Background and objective: The aim was to determine if the intravenous administration of sufentanil or clonidine before the induction of anaesthesia could obtund the increase of intraocular pressure associated with rapid-sequence induction.

Methods: Thirty-two ASA I—II patients with no history of eye illness scheduled for elective non-ophthalmic surgery were randomly assigned to receive either sufentanil 0.05 µg kg−1 i.v. (Group A, n = 15) or clonidine 2 µg kg−1 i.v. (Group B, n = 17) prior to induction.

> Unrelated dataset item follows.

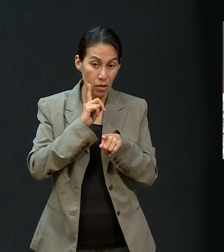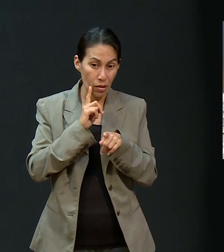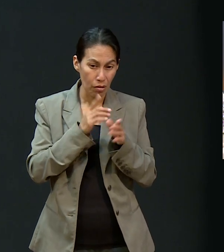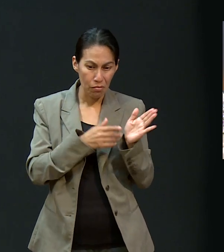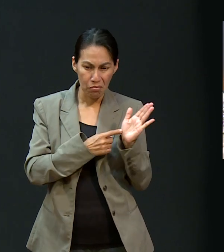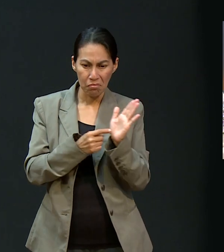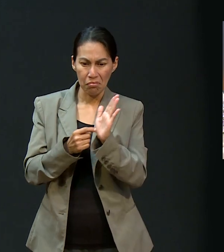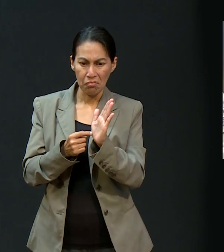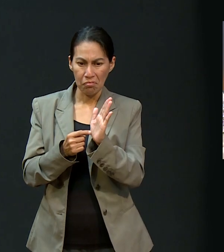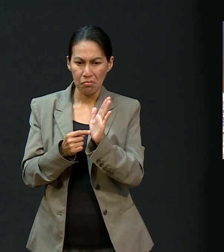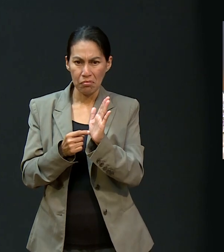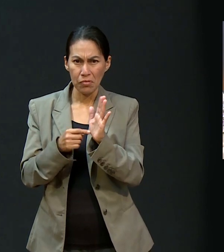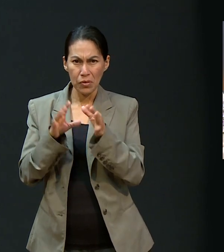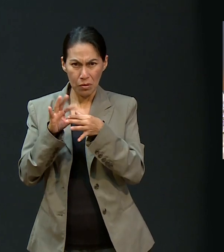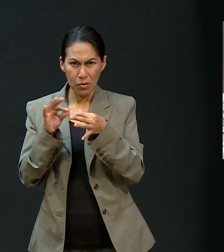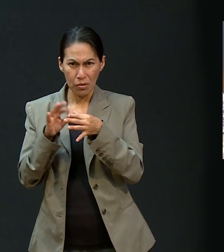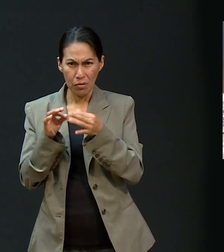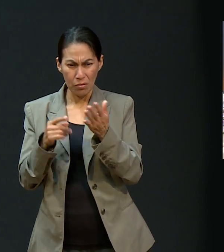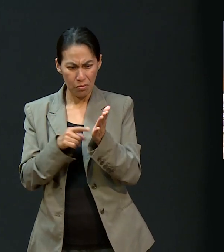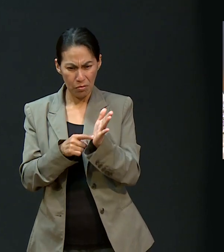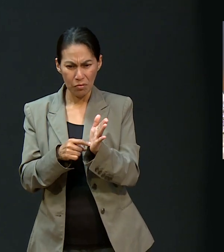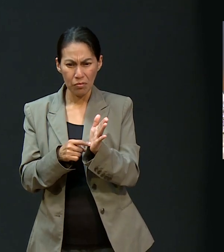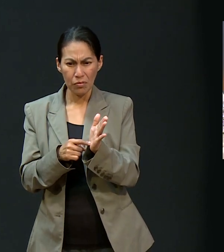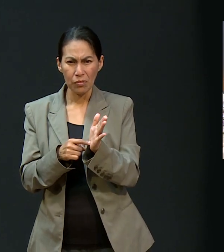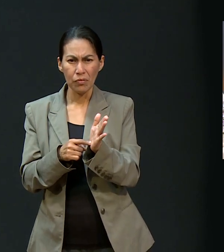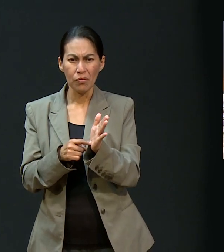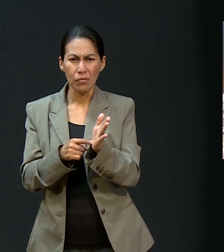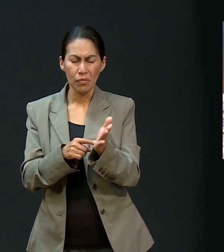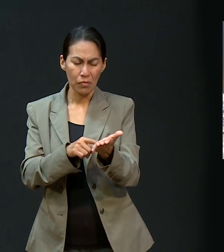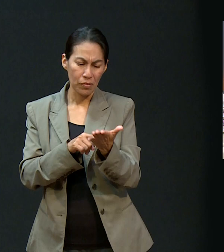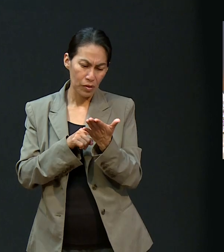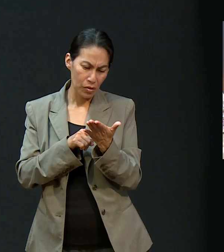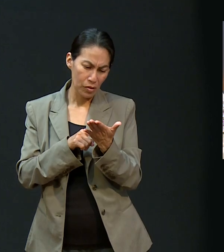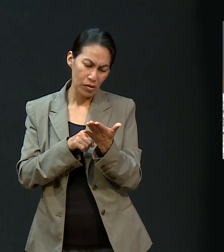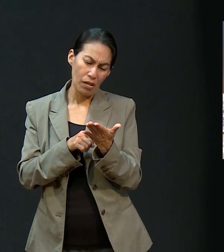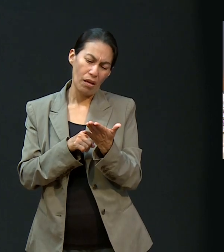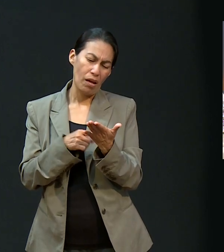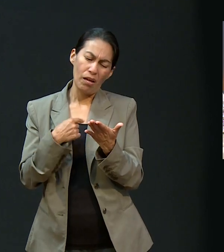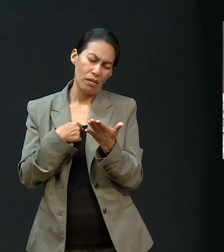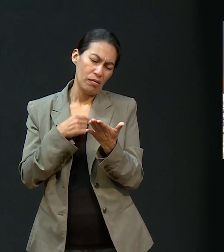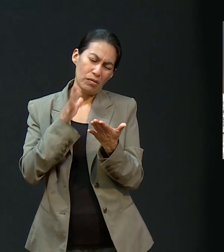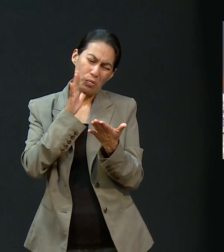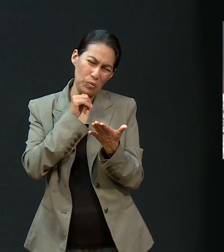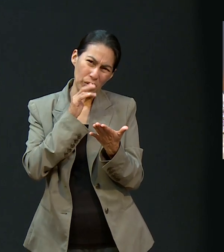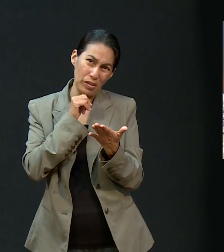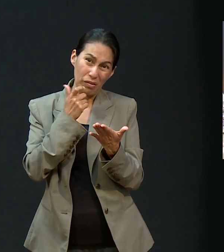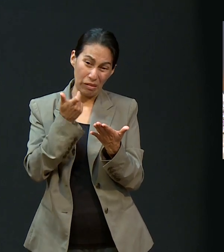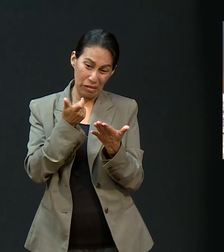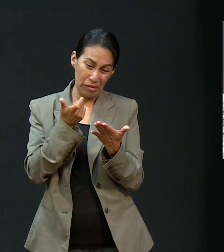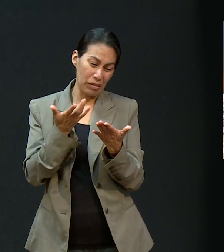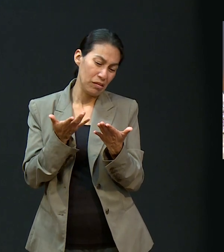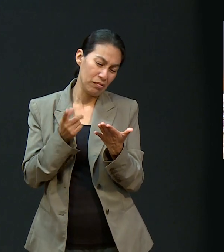Me presentó todo el plan y yo dije, pero es que yo no voy a poder, porque los recursos tal vez me faltan, porque

General anaesthesia was induced with thiopental (5 mg kg−1) followed by succinylcholine 1 mg kg−1 to facilitate tracheal intubation. The general anaesthetic technique was standardized in both groups. Intraocular pressure was measured using the Schioetz tonometer just before the succinylcholine administration (t0), just before tracheal intubation (t1) and immediately after intubation (t2). Mean arterial pressure and heart rate were recorded at the same time intervals.

Results: Intraocular pressures were similar in both groups at t0, but the sufentanil group had significantly lower values compared with the clonidine group just before (t1) and immediately after tracheal intubation (t2).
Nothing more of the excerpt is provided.